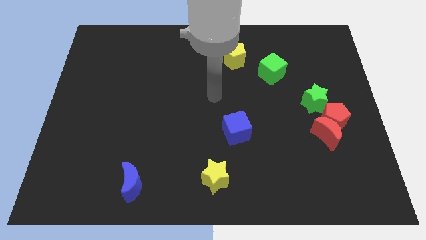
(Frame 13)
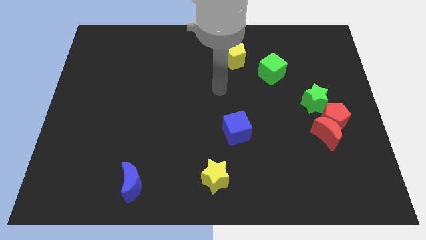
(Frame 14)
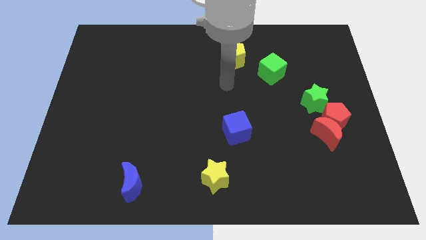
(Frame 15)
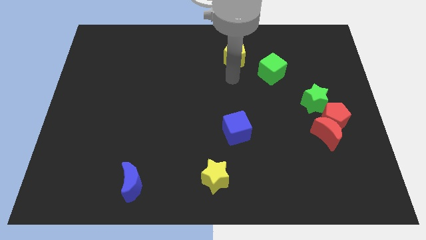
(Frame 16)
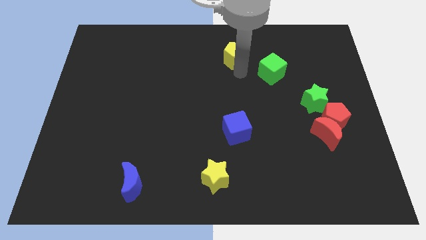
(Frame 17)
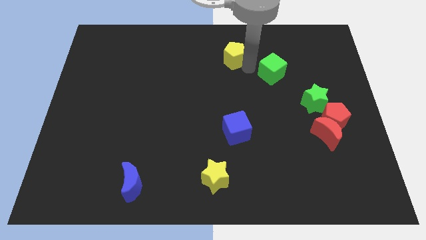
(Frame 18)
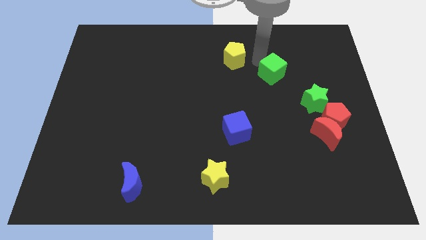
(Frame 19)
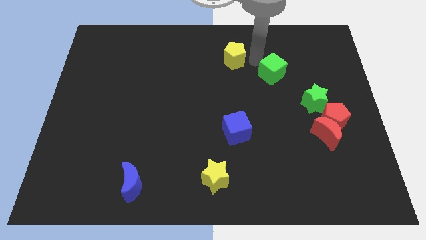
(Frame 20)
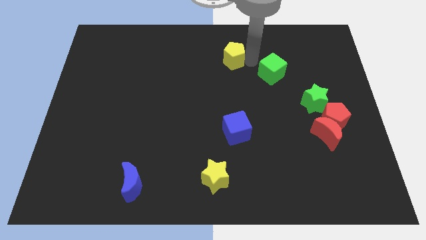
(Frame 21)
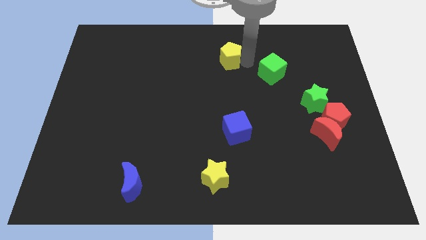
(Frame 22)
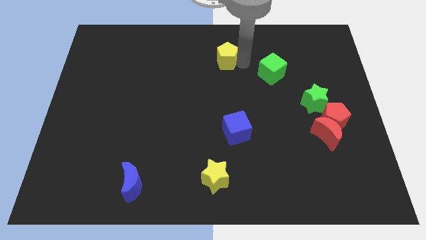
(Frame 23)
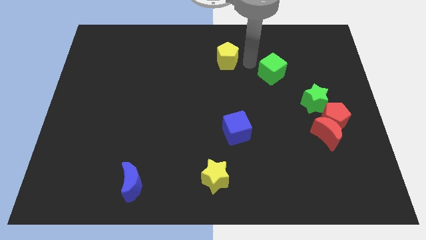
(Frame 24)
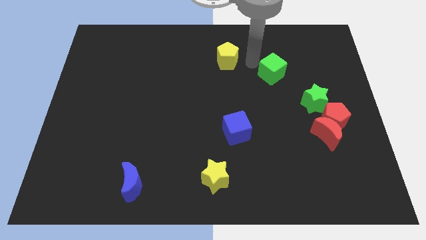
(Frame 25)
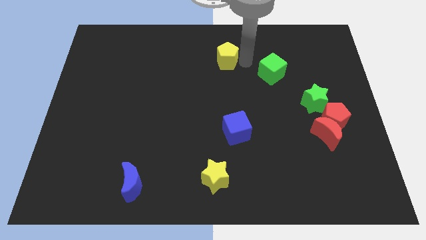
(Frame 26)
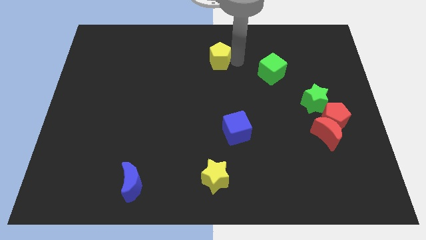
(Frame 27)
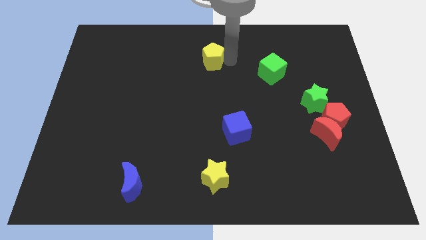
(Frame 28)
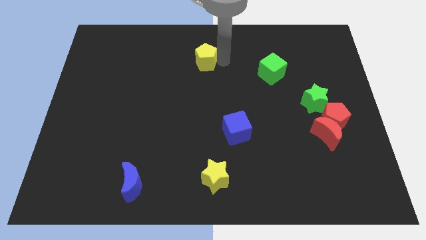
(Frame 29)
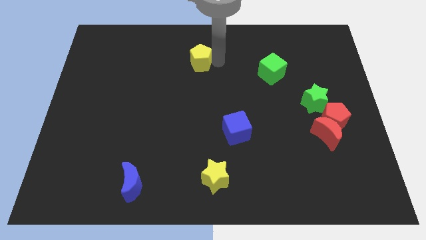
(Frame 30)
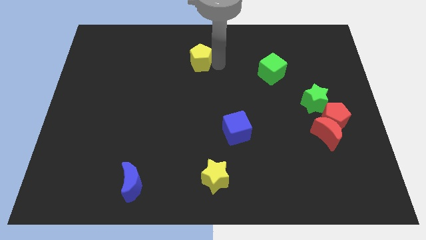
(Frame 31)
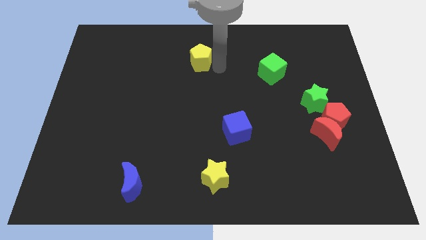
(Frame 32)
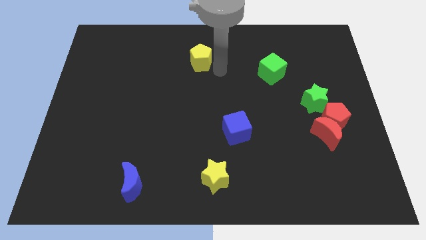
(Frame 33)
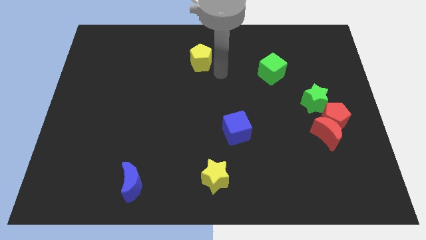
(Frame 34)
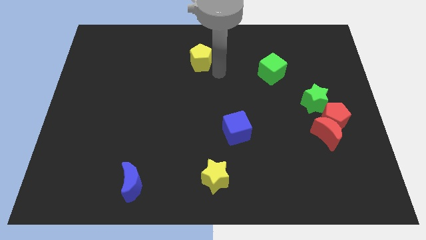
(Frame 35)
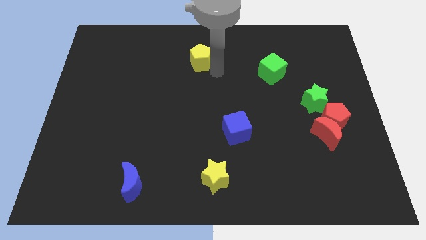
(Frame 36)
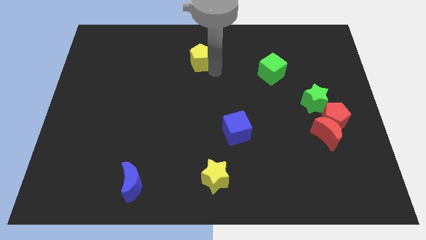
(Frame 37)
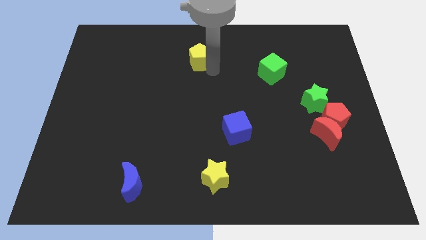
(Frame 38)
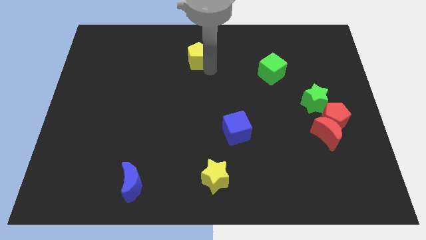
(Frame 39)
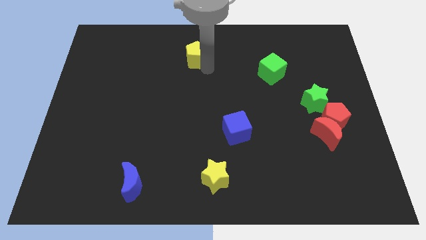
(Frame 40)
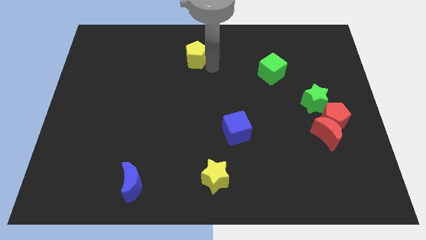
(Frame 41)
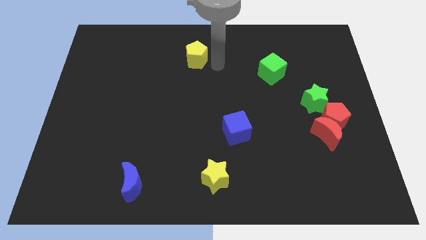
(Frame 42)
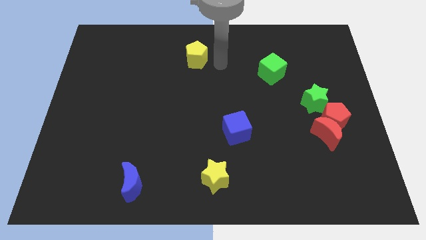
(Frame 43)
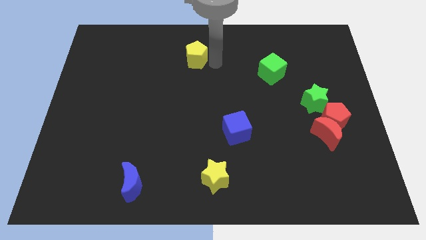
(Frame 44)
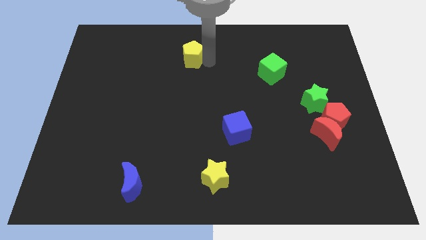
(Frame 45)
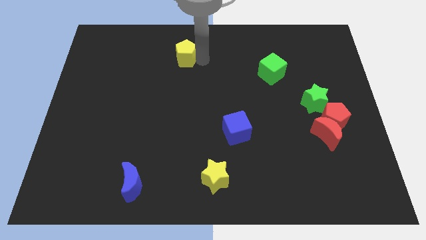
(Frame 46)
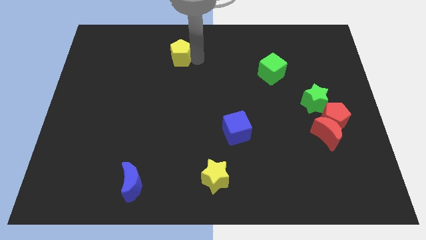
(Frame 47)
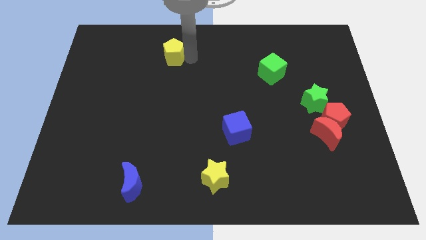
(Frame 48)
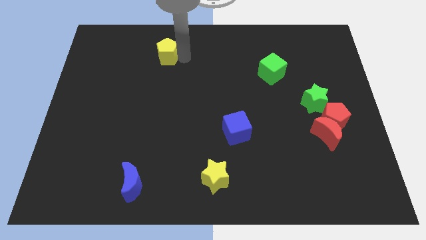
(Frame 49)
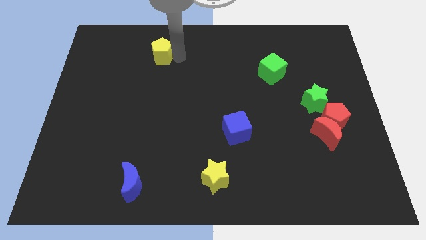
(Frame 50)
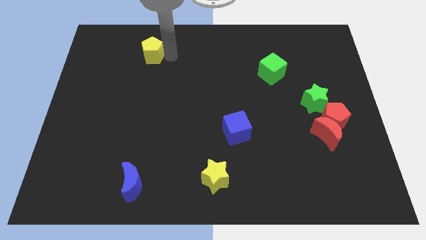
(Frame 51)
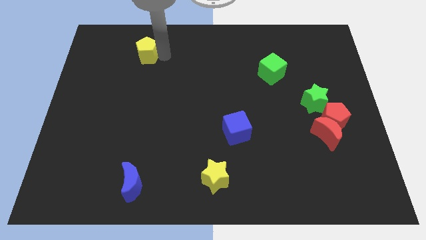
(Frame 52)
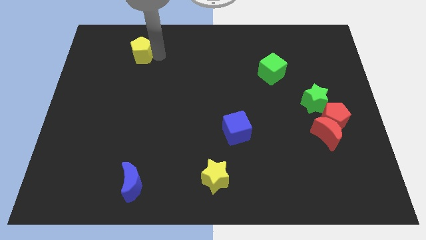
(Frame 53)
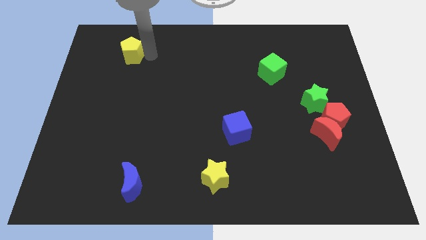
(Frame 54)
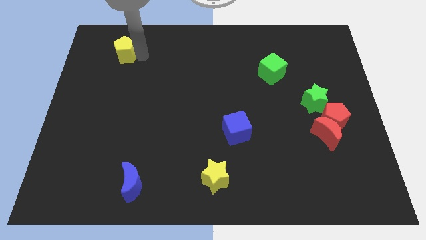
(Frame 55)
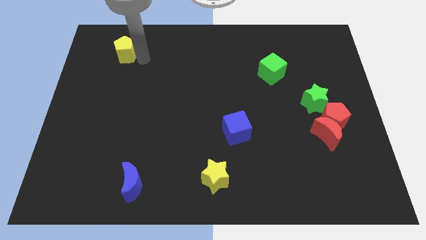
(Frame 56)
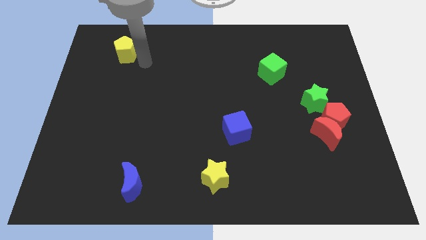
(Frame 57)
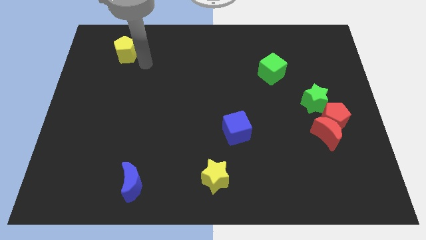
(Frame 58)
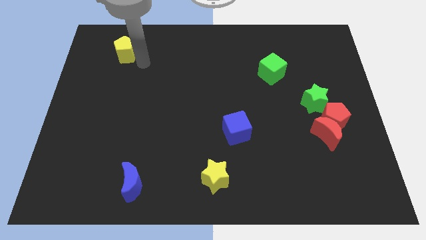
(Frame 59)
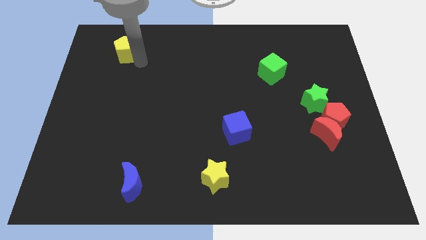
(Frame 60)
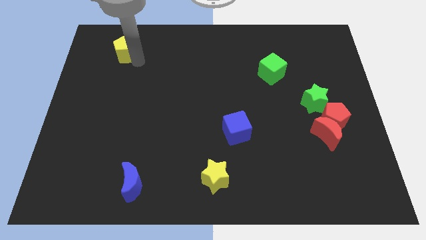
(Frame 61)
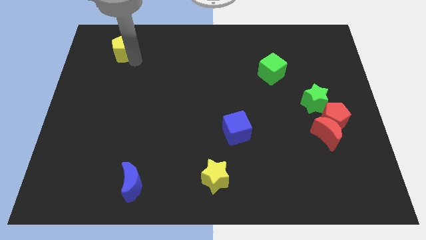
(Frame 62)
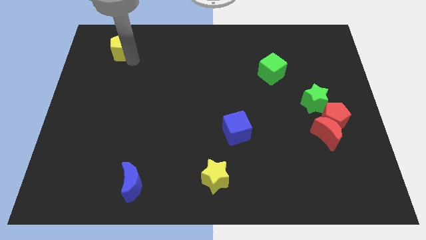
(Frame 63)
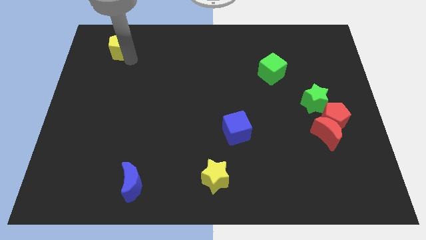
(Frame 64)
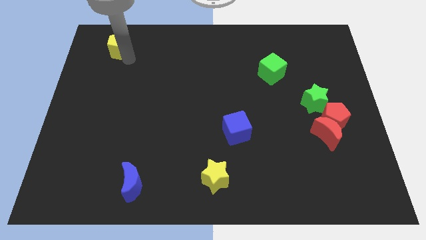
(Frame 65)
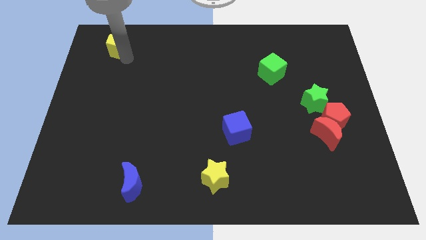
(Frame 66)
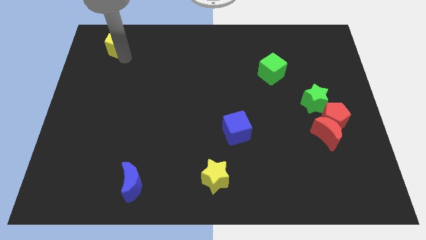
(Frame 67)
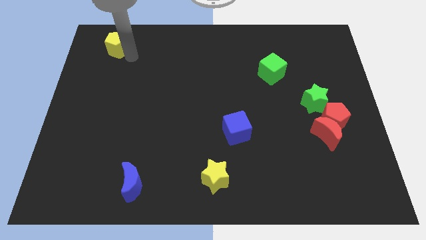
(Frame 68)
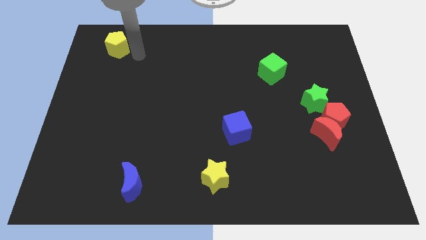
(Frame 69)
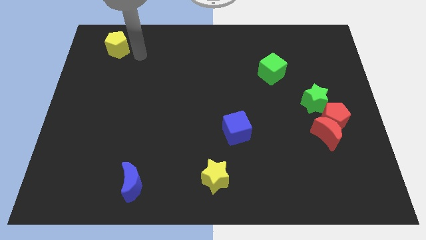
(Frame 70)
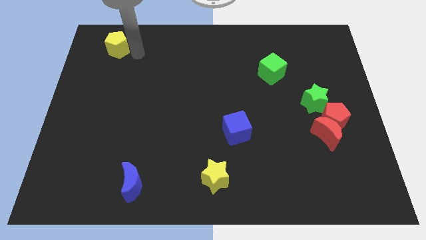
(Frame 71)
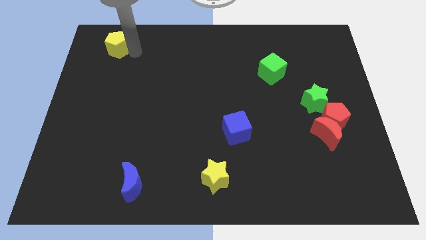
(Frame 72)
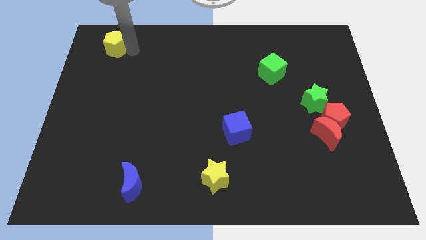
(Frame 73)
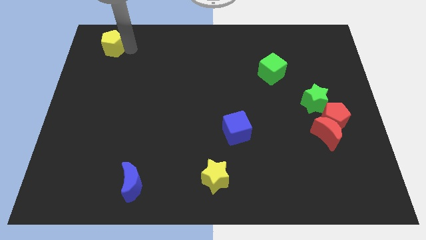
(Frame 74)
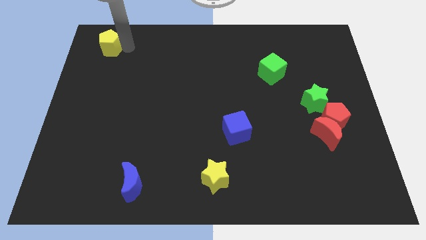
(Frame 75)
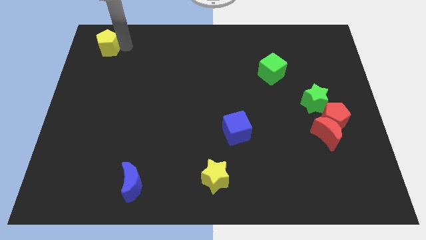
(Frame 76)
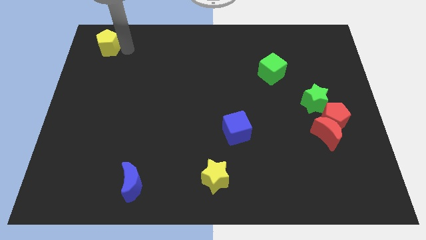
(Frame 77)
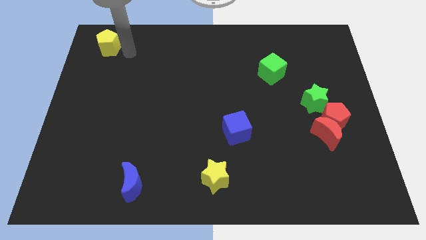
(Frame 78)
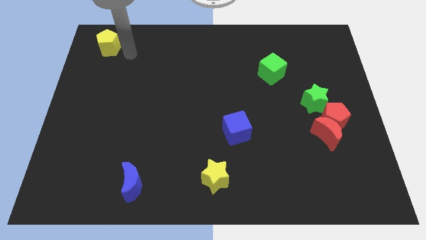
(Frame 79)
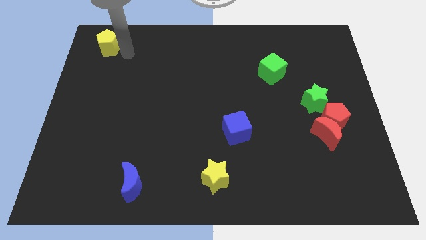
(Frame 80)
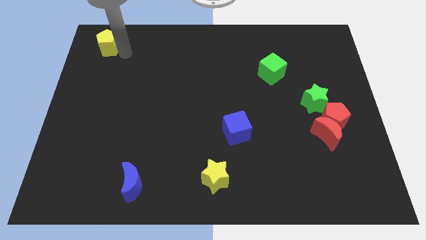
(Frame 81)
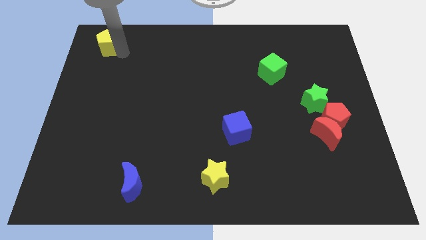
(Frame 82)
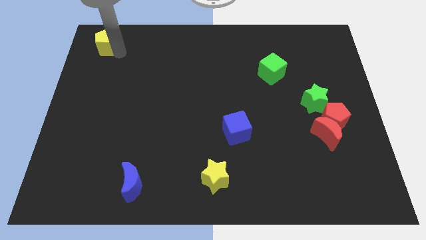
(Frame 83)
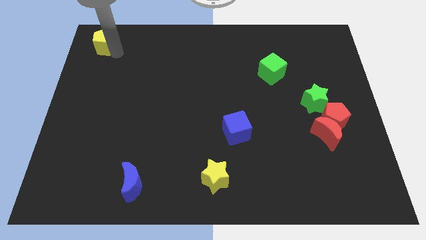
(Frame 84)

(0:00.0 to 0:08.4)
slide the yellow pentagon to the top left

HOW TO COMPLETE THIS TASK - Write out the data once more exactly, omitting the pictures.

ANSWER SPACE -
(Frame 13)
(Frame 14)
(Frame 15)
(Frame 16)
(Frame 17)
(Frame 18)
(Frame 19)
(Frame 20)
(Frame 21)
(Frame 22)
(Frame 23)
(Frame 24)
(Frame 25)
(Frame 26)
(Frame 27)
(Frame 28)
(Frame 29)
(Frame 30)
(Frame 31)
(Frame 32)
(Frame 33)
(Frame 34)
(Frame 35)
(Frame 36)
(Frame 37)
(Frame 38)
(Frame 39)
(Frame 40)
(Frame 41)
(Frame 42)
(Frame 43)
(Frame 44)
(Frame 45)
(Frame 46)
(Frame 47)
(Frame 48)
(Frame 49)
(Frame 50)
(Frame 51)
(Frame 52)
(Frame 53)
(Frame 54)
(Frame 55)
(Frame 56)
(Frame 57)
(Frame 58)
(Frame 59)
(Frame 60)
(Frame 61)
(Frame 62)
(Frame 63)
(Frame 64)
(Frame 65)
(Frame 66)
(Frame 67)
(Frame 68)
(Frame 69)
(Frame 70)
(Frame 71)
(Frame 72)
(Frame 73)
(Frame 74)
(Frame 75)
(Frame 76)
(Frame 77)
(Frame 78)
(Frame 79)
(Frame 80)
(Frame 81)
(Frame 82)
(Frame 83)
(Frame 84)

(0:00.0 to 0:08.4)
slide the yellow pentagon to the top left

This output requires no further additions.